* Goal of the exercise
Leave the pictures out and restate each entry below word for word.

* Stored entries
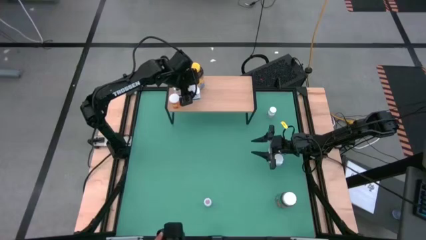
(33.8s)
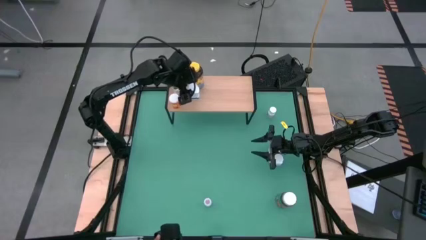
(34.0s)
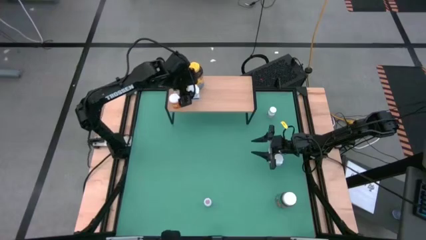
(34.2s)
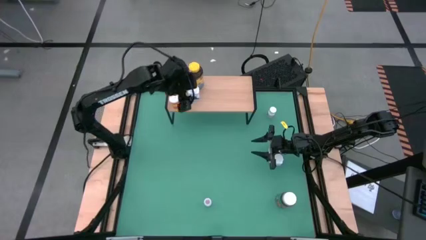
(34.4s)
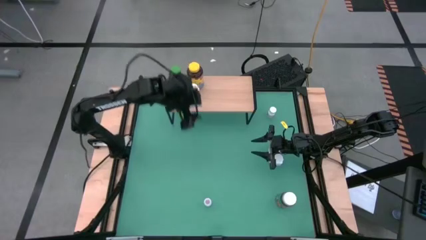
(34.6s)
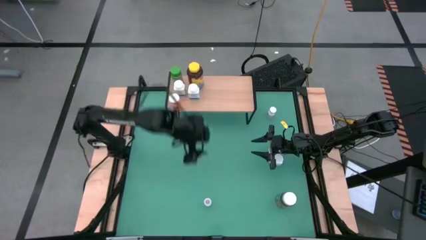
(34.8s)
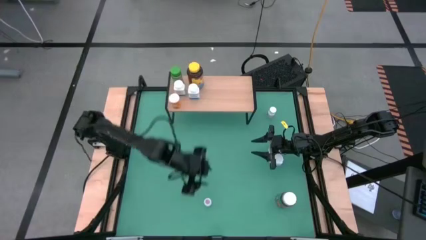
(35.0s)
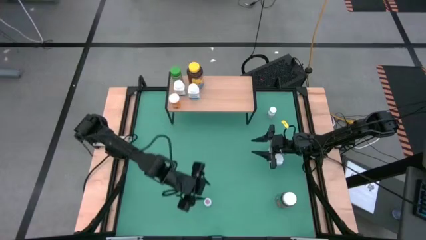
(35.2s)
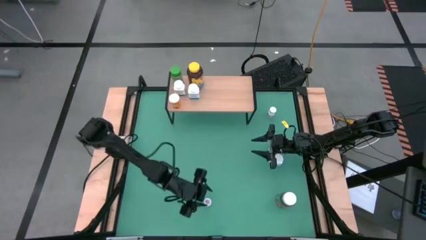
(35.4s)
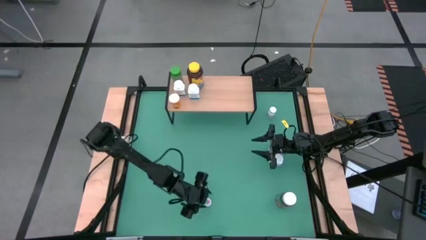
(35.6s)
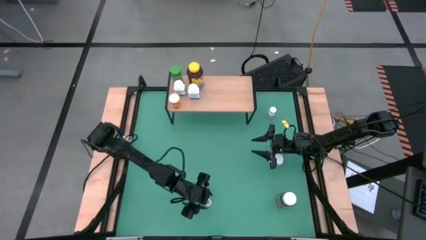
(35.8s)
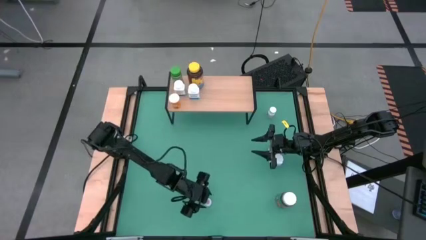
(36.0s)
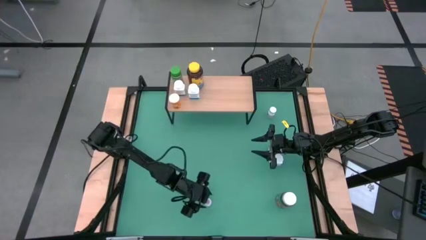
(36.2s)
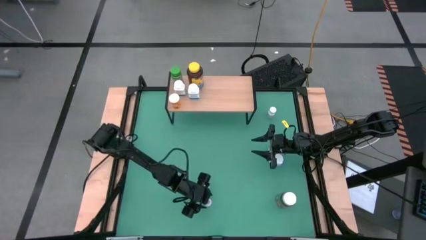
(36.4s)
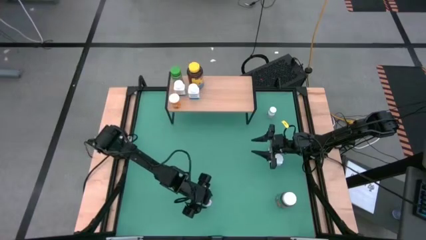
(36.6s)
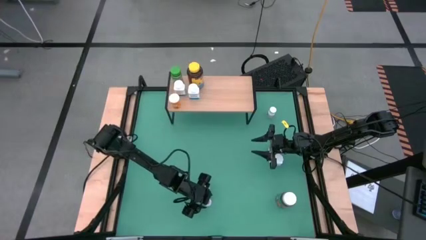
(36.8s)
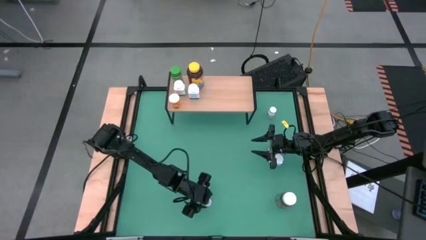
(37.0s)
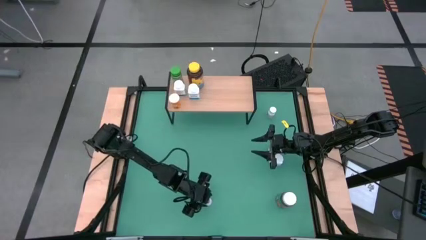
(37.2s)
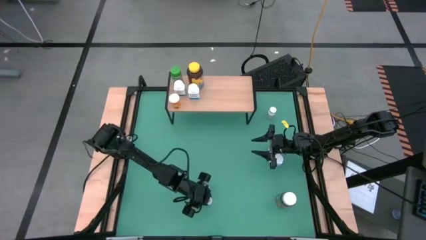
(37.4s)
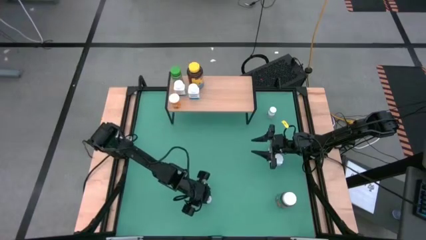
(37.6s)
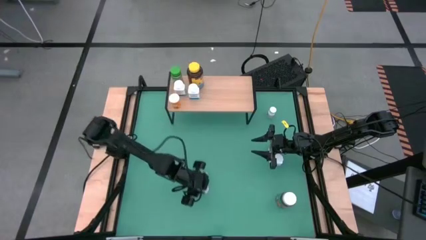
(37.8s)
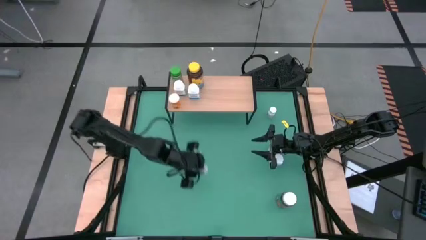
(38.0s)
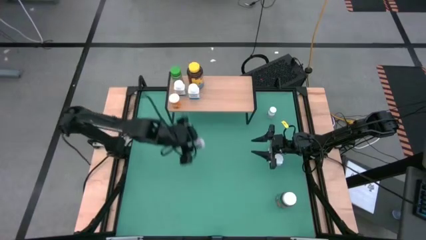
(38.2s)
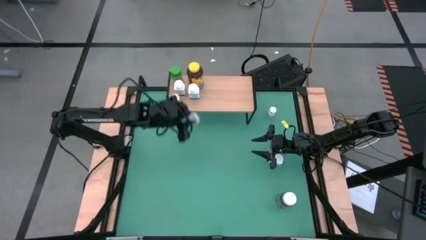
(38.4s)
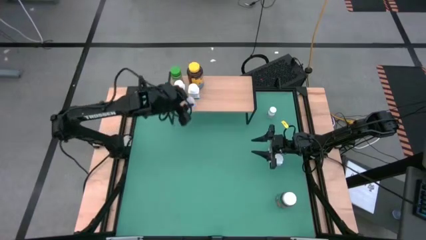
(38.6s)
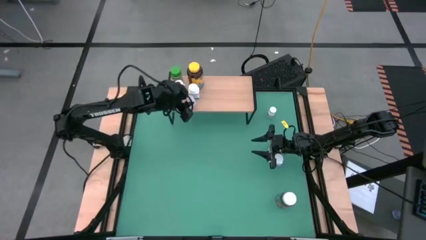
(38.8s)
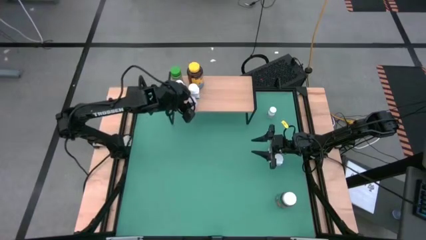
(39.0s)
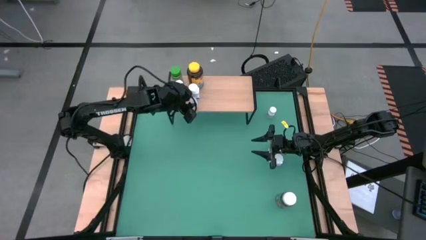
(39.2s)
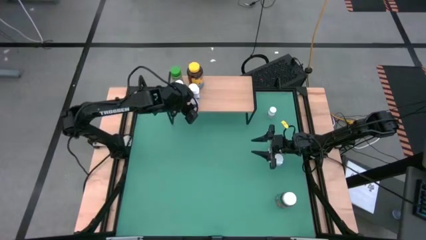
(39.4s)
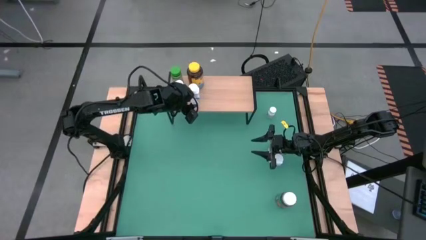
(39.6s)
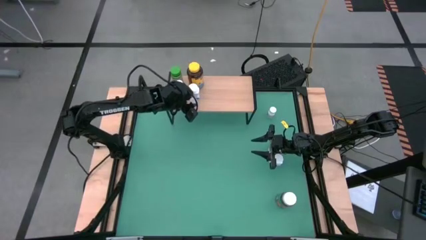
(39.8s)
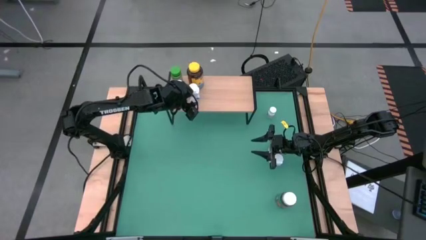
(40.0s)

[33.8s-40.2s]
Task: Pick and place medicine bottles onto shelf by color
Put the pink pill bottle on the shelf
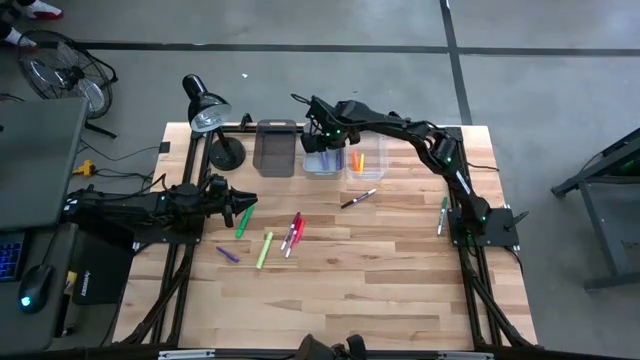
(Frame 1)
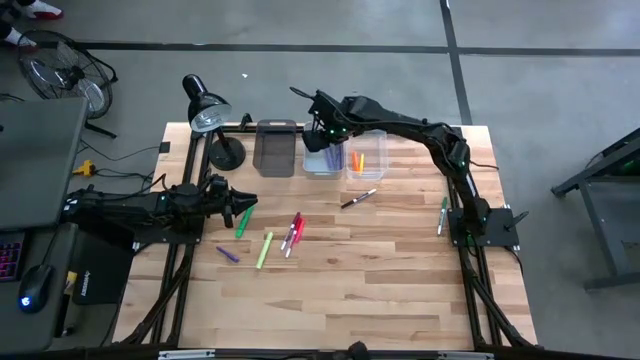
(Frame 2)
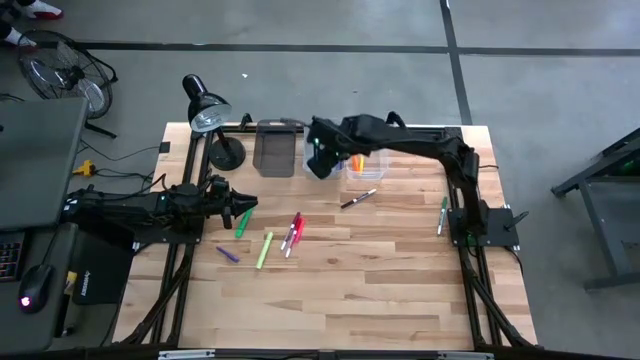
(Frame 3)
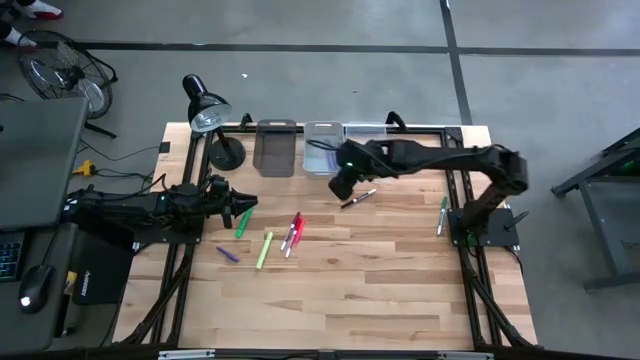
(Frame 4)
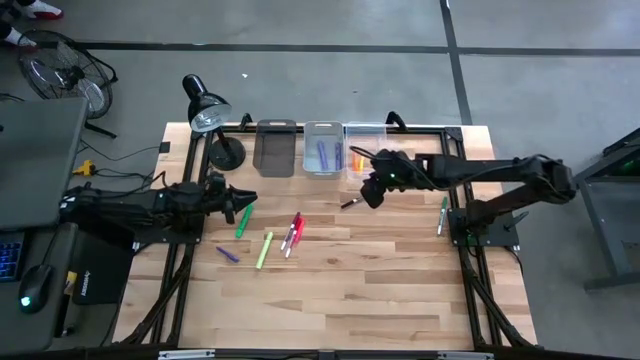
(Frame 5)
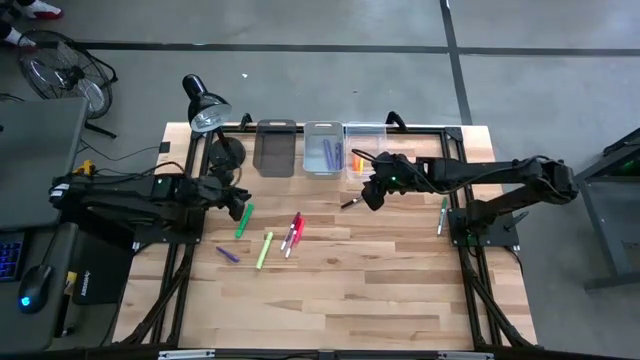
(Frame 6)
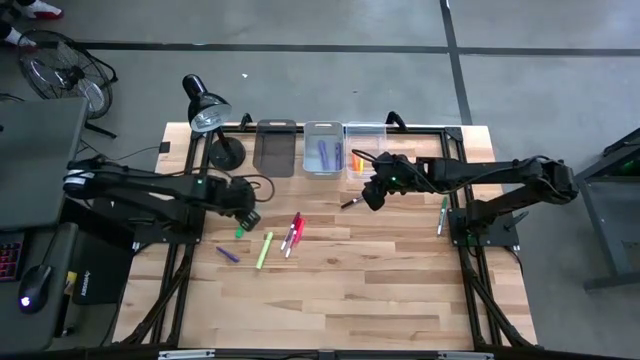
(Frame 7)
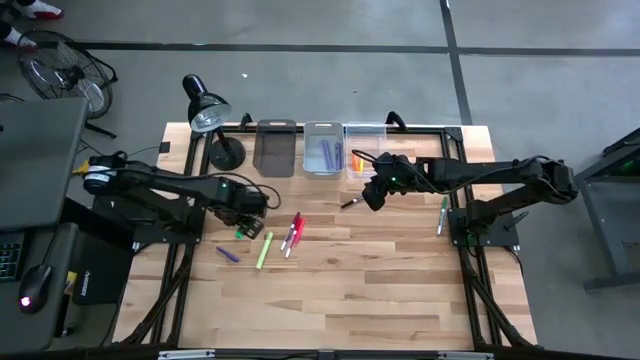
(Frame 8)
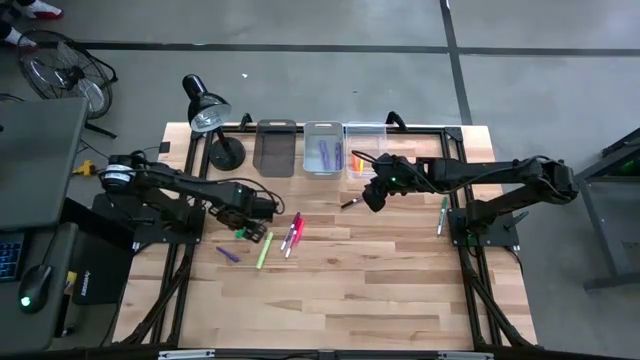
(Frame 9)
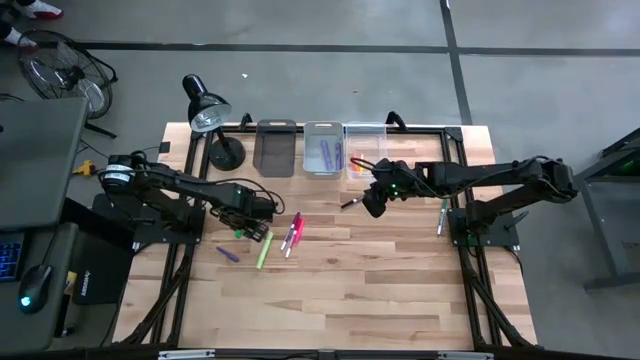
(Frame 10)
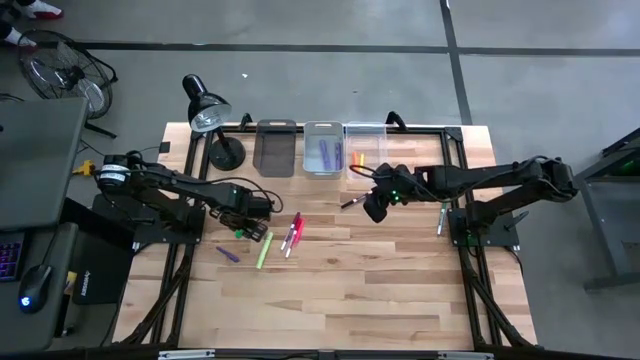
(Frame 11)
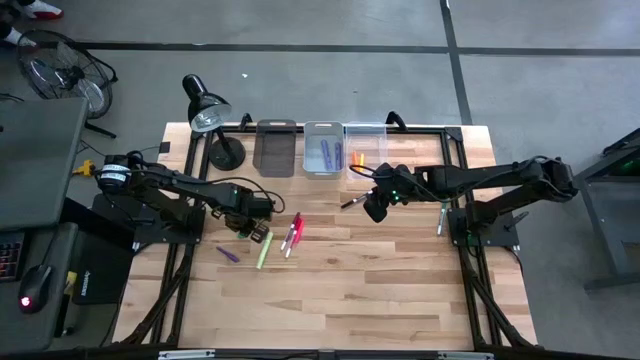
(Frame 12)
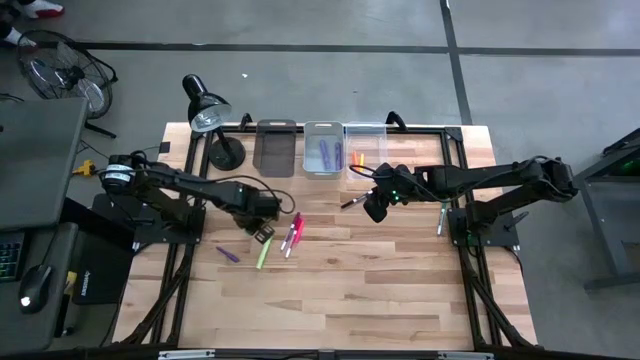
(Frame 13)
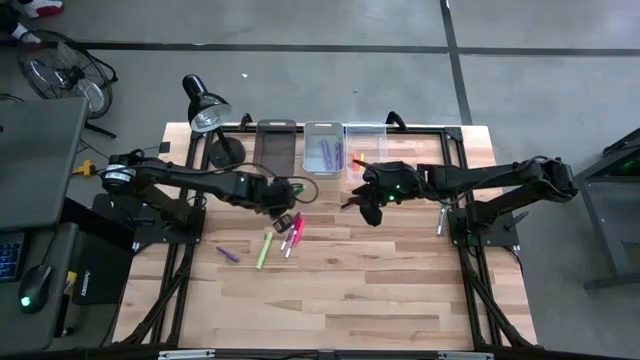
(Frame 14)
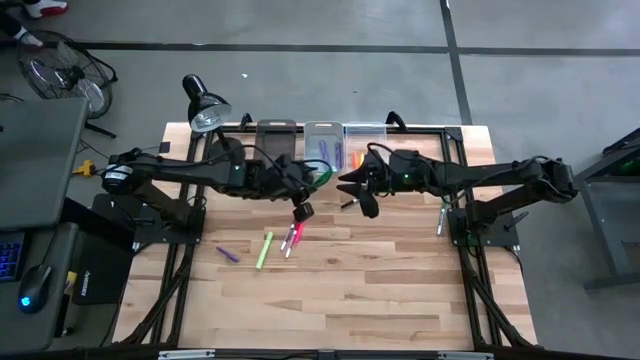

* Solution to the exercise
(33.8s)
(34.0s)
(34.2s)
(34.4s)
(34.6s)
(34.8s)
(35.0s)
(35.2s)
(35.4s)
(35.6s)
(35.8s)
(36.0s)
(36.2s)
(36.4s)
(36.6s)
(36.8s)
(37.0s)
(37.2s)
(37.4s)
(37.6s)
(37.8s)
(38.0s)
(38.2s)
(38.4s)
(38.6s)
(38.8s)
(39.0s)
(39.2s)
(39.4s)
(39.6s)
(39.8s)
(40.0s)

[33.8s-40.2s]
Task: Pick and place medicine bottles onto shelf by color
Put the pink pill bottle on the shelf
(Frame 1)
(Frame 2)
(Frame 3)
(Frame 4)
(Frame 5)
(Frame 6)
(Frame 7)
(Frame 8)
(Frame 9)
(Frame 10)
(Frame 11)
(Frame 12)
(Frame 13)
(Frame 14)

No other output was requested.